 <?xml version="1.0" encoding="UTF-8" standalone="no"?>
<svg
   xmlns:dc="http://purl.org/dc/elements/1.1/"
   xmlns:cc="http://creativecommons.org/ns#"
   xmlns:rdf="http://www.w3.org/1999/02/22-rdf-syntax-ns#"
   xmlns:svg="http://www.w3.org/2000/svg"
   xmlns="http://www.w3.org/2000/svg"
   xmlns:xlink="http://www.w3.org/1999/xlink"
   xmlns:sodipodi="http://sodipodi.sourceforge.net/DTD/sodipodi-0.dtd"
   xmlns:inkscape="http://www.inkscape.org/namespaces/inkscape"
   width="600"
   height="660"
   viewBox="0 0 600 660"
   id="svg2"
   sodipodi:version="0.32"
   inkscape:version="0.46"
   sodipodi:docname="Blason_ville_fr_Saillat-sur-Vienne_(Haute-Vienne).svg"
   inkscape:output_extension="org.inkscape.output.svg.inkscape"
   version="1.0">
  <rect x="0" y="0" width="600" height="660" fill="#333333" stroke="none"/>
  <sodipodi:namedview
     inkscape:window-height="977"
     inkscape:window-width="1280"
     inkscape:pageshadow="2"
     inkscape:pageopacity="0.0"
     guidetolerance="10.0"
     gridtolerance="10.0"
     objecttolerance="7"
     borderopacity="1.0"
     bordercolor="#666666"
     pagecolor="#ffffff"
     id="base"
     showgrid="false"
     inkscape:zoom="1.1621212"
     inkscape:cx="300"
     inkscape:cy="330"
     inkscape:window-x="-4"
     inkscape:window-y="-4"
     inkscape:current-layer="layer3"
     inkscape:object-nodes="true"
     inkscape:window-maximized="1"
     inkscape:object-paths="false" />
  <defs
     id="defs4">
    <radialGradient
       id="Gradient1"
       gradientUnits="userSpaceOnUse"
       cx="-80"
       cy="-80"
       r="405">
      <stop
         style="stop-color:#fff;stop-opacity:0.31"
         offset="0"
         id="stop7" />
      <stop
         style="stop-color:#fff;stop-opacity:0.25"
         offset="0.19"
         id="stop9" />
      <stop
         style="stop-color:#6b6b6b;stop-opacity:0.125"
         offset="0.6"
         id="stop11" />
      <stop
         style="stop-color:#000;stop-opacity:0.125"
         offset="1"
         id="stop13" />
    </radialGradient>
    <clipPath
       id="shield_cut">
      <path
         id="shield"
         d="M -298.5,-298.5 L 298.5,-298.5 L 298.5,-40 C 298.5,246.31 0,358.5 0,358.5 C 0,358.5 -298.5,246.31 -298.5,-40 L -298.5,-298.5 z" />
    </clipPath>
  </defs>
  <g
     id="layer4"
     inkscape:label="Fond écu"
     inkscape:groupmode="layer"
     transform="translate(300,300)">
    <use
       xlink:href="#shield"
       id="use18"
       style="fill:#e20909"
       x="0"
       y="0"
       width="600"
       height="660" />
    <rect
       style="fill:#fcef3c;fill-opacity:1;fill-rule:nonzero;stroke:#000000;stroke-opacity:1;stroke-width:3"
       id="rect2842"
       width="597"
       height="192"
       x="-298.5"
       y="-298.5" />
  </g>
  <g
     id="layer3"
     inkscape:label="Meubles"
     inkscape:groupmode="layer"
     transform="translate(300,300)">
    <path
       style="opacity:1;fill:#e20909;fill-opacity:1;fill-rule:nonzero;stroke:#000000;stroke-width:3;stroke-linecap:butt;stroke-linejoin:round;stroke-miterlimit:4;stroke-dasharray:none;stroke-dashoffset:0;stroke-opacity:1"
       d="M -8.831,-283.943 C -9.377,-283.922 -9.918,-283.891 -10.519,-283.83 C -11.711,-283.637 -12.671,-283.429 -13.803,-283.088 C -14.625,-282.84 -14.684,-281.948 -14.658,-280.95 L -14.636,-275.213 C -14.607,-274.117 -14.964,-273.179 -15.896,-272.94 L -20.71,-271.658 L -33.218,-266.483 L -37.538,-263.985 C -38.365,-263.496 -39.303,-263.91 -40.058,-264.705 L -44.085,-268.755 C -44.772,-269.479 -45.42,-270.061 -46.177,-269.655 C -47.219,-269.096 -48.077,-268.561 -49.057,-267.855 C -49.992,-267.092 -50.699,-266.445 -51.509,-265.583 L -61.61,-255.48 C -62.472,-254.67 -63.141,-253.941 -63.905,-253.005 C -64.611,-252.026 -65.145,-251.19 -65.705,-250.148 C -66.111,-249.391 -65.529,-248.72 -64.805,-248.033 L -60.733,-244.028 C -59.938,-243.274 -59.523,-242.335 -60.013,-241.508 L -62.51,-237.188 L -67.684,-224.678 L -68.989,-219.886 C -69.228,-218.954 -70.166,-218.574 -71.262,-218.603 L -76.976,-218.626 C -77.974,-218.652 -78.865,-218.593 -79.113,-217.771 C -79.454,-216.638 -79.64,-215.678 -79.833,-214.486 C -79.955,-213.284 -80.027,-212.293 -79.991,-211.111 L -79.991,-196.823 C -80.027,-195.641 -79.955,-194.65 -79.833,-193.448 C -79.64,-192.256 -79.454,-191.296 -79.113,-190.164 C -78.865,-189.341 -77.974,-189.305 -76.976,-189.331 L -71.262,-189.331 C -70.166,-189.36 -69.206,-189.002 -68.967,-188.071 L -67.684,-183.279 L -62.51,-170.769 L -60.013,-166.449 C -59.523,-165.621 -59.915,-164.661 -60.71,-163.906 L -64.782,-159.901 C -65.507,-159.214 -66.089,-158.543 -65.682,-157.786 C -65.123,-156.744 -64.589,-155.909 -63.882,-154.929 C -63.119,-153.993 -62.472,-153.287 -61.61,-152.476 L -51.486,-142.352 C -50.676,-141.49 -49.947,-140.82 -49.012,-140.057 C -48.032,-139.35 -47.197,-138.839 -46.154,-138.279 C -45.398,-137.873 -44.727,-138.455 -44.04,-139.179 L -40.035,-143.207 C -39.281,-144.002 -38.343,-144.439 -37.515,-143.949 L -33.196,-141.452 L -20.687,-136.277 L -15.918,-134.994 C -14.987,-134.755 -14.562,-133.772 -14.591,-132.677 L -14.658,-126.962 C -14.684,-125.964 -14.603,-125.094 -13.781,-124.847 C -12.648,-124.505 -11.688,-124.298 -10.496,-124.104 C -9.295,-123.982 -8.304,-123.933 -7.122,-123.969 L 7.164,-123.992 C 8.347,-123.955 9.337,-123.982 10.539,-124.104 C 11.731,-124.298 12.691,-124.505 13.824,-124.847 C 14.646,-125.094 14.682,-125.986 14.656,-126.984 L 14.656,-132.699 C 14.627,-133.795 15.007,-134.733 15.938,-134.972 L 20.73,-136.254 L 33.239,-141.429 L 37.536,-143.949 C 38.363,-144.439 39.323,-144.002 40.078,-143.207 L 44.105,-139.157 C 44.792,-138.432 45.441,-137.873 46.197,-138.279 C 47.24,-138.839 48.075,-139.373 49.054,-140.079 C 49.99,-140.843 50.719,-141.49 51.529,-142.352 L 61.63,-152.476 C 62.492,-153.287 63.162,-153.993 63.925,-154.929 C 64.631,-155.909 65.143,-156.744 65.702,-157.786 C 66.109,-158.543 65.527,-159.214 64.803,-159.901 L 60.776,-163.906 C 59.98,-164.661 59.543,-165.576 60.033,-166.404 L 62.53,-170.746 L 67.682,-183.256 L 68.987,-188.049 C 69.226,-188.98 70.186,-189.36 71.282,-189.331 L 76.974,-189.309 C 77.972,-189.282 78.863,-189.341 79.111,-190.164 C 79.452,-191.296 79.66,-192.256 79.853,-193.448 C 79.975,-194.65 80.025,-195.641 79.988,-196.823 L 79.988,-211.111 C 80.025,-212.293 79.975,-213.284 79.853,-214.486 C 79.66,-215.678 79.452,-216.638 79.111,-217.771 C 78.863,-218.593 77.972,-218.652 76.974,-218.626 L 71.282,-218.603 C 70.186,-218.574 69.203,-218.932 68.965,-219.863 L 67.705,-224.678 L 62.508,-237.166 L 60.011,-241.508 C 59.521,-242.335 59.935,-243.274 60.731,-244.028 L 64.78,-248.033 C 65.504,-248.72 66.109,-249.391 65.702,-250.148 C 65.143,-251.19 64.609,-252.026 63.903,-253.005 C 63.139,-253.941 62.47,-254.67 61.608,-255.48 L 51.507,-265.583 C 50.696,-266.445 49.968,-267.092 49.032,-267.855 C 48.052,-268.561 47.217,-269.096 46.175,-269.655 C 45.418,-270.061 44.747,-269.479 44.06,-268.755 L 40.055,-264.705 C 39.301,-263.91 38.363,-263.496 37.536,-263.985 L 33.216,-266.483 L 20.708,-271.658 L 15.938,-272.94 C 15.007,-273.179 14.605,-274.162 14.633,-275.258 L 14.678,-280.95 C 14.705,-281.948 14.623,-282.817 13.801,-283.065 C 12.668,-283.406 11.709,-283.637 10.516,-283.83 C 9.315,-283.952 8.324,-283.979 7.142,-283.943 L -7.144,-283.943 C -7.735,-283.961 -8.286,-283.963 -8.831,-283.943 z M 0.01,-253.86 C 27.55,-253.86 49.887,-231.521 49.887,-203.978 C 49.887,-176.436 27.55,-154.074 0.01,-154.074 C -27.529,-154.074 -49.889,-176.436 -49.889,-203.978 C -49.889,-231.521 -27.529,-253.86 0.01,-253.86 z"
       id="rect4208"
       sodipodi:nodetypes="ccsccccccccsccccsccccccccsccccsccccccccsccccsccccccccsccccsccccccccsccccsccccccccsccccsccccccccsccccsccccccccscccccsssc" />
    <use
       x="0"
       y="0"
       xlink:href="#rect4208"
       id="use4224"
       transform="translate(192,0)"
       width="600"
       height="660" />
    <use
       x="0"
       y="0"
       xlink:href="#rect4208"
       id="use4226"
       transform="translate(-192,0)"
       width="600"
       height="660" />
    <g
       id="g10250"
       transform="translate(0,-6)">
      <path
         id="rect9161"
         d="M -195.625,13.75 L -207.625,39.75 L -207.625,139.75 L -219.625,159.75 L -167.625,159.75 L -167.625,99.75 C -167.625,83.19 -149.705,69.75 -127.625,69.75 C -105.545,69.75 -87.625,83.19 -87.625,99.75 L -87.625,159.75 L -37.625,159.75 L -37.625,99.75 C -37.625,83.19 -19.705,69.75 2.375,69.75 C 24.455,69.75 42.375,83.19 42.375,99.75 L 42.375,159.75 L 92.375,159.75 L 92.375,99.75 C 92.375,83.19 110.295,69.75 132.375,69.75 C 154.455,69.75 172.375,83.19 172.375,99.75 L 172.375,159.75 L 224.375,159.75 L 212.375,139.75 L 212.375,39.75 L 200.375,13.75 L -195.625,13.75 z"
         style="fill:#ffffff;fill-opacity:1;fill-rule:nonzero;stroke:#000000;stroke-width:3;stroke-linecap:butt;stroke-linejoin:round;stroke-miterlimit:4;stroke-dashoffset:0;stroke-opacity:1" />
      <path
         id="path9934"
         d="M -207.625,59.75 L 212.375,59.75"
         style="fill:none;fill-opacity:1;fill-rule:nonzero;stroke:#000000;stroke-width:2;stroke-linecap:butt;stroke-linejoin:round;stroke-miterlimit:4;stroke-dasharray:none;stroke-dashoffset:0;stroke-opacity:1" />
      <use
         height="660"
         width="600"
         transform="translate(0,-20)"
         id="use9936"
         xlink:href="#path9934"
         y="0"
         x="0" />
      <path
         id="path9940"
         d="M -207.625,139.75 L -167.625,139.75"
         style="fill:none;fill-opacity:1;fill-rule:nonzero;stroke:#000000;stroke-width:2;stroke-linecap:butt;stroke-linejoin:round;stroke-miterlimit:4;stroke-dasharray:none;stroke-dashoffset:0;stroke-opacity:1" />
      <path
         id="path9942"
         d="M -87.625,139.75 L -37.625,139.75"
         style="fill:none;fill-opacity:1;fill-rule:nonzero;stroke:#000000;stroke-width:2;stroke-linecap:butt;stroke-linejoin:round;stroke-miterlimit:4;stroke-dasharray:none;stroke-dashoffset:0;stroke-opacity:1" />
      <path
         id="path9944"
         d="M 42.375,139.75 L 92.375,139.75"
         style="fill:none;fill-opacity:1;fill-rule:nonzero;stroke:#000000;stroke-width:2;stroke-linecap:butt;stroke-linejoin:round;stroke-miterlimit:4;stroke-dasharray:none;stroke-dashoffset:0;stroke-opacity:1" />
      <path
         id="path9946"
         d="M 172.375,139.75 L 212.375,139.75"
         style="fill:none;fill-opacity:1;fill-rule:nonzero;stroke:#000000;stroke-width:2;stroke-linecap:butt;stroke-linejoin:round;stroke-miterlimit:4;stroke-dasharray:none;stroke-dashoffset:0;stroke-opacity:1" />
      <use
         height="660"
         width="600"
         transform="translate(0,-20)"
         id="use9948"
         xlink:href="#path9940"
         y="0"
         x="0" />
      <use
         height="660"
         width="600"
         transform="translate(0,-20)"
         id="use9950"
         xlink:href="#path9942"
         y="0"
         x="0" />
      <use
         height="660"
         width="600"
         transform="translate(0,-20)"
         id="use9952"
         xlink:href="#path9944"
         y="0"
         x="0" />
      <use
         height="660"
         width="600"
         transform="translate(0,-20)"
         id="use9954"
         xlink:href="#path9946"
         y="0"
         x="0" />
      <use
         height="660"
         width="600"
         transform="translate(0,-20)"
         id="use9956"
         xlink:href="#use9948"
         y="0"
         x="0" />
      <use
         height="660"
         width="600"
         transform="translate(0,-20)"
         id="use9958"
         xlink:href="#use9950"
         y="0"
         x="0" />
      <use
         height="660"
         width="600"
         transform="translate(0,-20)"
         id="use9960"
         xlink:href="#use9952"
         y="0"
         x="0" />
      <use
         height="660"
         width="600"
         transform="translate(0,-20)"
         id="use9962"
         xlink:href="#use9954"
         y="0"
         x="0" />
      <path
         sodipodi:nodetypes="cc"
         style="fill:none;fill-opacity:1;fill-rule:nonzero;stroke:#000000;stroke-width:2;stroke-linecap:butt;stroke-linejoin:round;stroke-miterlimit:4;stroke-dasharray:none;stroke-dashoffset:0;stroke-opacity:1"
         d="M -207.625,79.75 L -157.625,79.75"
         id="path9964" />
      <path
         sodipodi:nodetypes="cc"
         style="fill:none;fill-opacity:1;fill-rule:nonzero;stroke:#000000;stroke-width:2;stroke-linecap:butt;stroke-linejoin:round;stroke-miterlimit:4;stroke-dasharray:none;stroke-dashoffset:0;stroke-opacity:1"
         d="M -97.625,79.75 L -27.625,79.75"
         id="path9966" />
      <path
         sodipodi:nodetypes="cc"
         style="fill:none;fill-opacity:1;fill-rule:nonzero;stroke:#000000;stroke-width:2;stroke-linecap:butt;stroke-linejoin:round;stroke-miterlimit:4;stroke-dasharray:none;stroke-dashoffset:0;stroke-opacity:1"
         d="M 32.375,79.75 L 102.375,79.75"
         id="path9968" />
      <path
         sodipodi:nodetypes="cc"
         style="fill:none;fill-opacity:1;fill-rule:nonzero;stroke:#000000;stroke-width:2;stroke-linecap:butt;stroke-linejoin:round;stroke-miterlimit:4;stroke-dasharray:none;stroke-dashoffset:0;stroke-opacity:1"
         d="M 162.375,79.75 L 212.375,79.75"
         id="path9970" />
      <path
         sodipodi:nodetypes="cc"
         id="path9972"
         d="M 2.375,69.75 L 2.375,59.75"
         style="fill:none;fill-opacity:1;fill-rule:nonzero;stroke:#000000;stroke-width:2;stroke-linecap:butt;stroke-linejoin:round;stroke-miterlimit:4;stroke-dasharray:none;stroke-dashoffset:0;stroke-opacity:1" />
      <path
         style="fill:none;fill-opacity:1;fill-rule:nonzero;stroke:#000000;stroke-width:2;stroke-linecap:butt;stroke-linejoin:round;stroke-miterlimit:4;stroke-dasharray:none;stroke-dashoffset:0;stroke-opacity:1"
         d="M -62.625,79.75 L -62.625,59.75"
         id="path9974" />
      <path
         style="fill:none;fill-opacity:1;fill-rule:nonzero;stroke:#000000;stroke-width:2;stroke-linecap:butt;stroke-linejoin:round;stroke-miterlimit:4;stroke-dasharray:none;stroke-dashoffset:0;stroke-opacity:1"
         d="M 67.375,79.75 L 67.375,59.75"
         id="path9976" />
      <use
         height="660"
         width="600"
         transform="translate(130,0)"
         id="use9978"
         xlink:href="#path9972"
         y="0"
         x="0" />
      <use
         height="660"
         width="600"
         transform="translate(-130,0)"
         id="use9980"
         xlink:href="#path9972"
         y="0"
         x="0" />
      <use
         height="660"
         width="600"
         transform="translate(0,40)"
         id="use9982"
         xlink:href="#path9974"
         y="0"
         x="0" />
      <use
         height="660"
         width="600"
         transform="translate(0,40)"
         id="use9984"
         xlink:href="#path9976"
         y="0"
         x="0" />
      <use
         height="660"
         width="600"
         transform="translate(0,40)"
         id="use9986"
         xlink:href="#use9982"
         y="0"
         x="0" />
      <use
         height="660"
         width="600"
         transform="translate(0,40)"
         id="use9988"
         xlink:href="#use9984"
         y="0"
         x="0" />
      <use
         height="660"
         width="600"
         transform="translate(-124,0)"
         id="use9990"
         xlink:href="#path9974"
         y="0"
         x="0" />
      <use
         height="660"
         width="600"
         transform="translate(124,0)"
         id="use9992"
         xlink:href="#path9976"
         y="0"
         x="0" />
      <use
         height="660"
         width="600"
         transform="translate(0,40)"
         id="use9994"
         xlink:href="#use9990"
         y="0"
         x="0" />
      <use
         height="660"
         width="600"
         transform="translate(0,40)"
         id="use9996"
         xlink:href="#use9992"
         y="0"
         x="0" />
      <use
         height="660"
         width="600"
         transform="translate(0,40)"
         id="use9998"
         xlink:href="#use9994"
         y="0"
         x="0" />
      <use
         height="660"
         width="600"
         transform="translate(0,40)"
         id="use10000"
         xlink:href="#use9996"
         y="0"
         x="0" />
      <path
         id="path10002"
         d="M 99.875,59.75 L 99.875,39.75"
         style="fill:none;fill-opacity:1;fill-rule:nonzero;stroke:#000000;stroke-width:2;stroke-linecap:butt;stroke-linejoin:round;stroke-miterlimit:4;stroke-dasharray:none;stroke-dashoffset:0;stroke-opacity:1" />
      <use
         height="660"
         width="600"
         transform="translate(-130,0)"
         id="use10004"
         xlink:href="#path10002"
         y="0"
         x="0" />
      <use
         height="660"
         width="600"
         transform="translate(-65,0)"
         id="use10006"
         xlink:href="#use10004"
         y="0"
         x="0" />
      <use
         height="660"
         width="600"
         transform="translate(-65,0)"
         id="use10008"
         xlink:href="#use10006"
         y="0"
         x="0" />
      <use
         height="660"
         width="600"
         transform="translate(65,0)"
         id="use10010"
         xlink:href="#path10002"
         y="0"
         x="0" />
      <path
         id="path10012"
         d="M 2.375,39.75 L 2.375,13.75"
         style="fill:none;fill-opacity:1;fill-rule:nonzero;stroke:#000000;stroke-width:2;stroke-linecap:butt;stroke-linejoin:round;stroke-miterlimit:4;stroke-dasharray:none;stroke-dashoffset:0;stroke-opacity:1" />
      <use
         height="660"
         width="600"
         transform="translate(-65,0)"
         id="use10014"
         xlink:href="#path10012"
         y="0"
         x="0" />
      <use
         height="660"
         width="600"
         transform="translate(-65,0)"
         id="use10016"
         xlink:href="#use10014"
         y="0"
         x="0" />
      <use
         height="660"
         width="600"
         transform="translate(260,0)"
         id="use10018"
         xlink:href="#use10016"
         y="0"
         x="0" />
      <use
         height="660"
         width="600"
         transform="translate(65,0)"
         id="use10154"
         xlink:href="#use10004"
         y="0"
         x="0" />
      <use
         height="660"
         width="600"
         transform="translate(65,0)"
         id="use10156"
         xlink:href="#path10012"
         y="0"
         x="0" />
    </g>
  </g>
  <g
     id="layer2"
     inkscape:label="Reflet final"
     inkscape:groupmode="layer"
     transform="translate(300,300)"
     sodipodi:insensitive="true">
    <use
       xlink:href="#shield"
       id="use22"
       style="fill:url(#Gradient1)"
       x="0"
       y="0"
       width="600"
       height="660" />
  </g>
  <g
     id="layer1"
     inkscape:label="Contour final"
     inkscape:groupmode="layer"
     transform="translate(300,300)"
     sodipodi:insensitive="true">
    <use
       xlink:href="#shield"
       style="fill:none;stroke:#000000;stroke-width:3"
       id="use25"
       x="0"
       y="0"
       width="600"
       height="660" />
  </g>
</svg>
══════════
**Problem to work on:** State how many lines in the entries hold "version". Nothing should come before or after the number.

**Reply to the task:** 4